How is are the most powerful Wizerds in LOTR and SIL??? Who are the wizerds in the ISTARI? I have read the sil and lotr. Gandalf, Saruman, Galadriel, and Radagast??? 1 more I think.


----------



## The Phony Pope (Jan 1, 2002)

Galadriel is not one of the Istari. Not all of the Istari are known


----------



## Uminya (Jan 1, 2002)

The Istari: Saruman, Gandalf, Radagast, and the Blue Wizards who disappeared into the East.


----------



## Curufinwe (Jan 1, 2002)

Galadriel isn't part of the istari. and anyway these are the Istari

^=name in the undying lands
*=name known by elves

Gandalf a.k.a *Mithrandir a.k.a ^Olorin
Saruman a.k.a *Curunir a.k.a ^Curumo
Radagast a.k.a ^Aiwendil
^Alatar
^Pallando

Alatar and Pallando are called the Ithryn Luin the Blue wizards. they travelled east and nothing has been said of them since

The Istari were originally Maiar and were chosen by the Valar to go forth in a boat 1000 years after the third sun in the form as you hear see and read about.


----------



## Aldanil (Jan 1, 2002)

*The Five Istari FYI*

A question that has occasionally whispered at the back of my mind about the Istari is, Where did Radagast wander off to? Presumably he was a Maia, too, and would have had some part to play, beyond telling Gandalf that Saruman wanted to talk to him. Anyway...

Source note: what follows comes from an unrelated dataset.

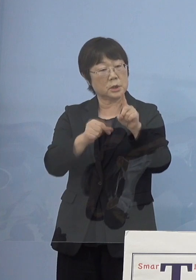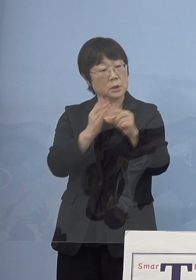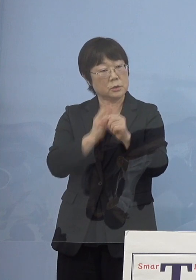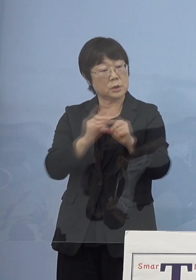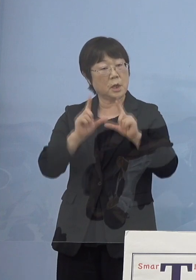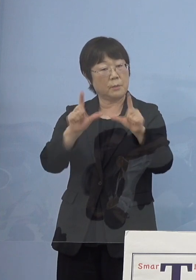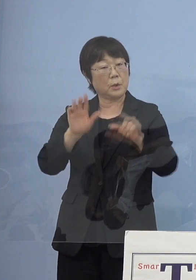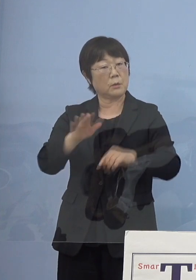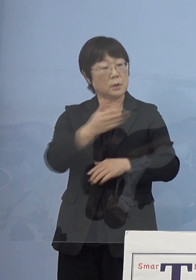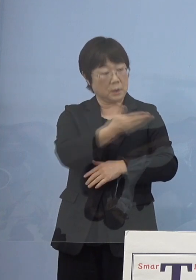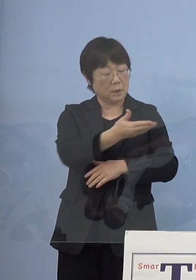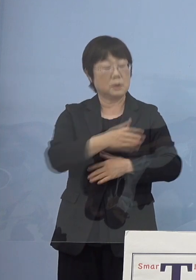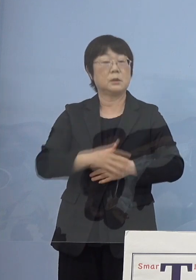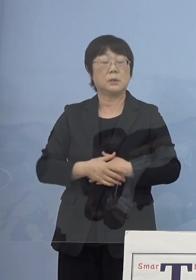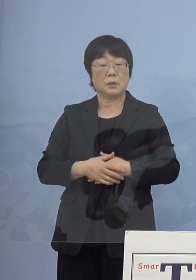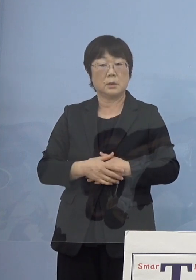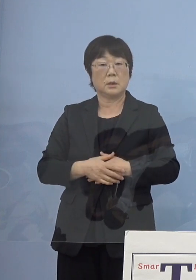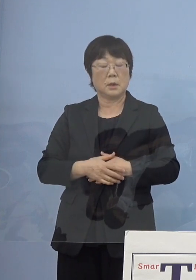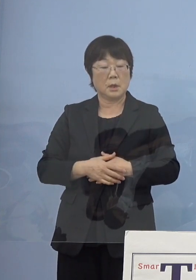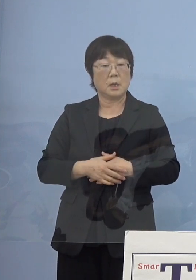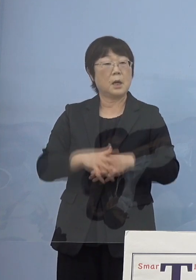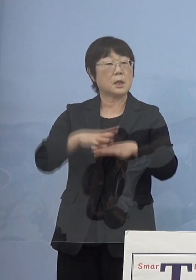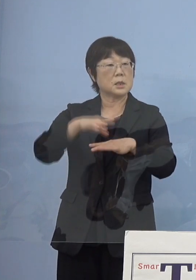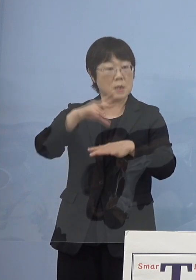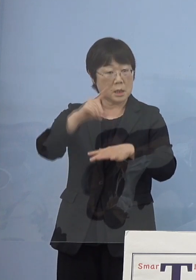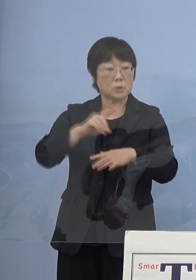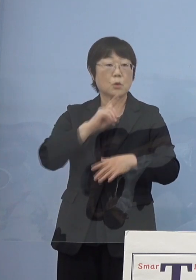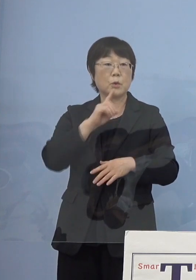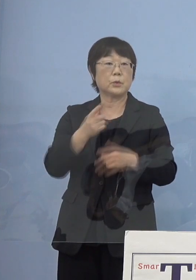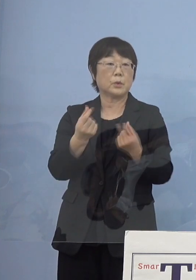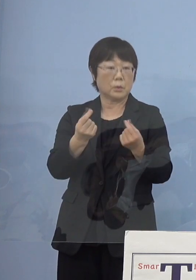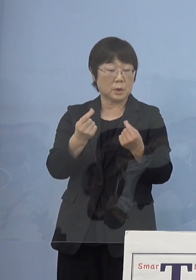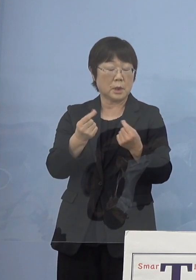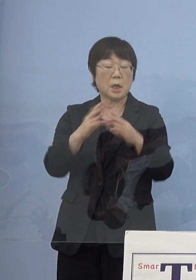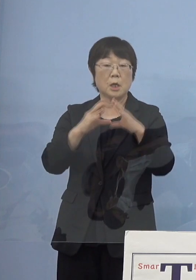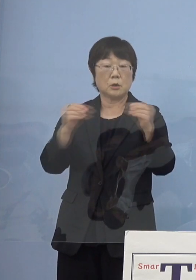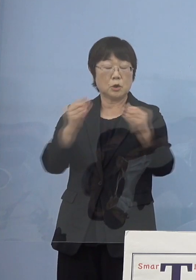（知事） まず最初のターゲットは先ほども申し上げたように国の分科会

The Istari were said to be five in number, although very little is known (neither to Christopher Tolkien nor even very clearly to JRRT himself) about the "last" two save for their names and color; here's the list, in the order of their arrival at the Grey Havens:

Saruman the White AKA Curunir, Sharkey, Curumo (Maia)
Alatar and Pallando (both) the Blue, the former who came out of the Far West at the behest of Orome and the latter who accompanied him for friendship; they traveled far into the East and were lost to knowledge.
Radagast the Brown AKA Aiwendil (Maia)
Gandalf the Grey AKA Mithrandir, Incanus, Tharkun, Olorin (Maia)

In the course of delving in Unfinished Tales for this bit of lore, discovered the answer to my own question above: Radagast "became enamoured of the many beasts and birds that dwelt in Middle-earth, and forsook Elves and Men, and spent his days among the wild creatures."


----------



## Curufinwe (Jan 1, 2002)

*Radagast*

Radagast lives in Rhosgobel in the Vales of Anduin


----------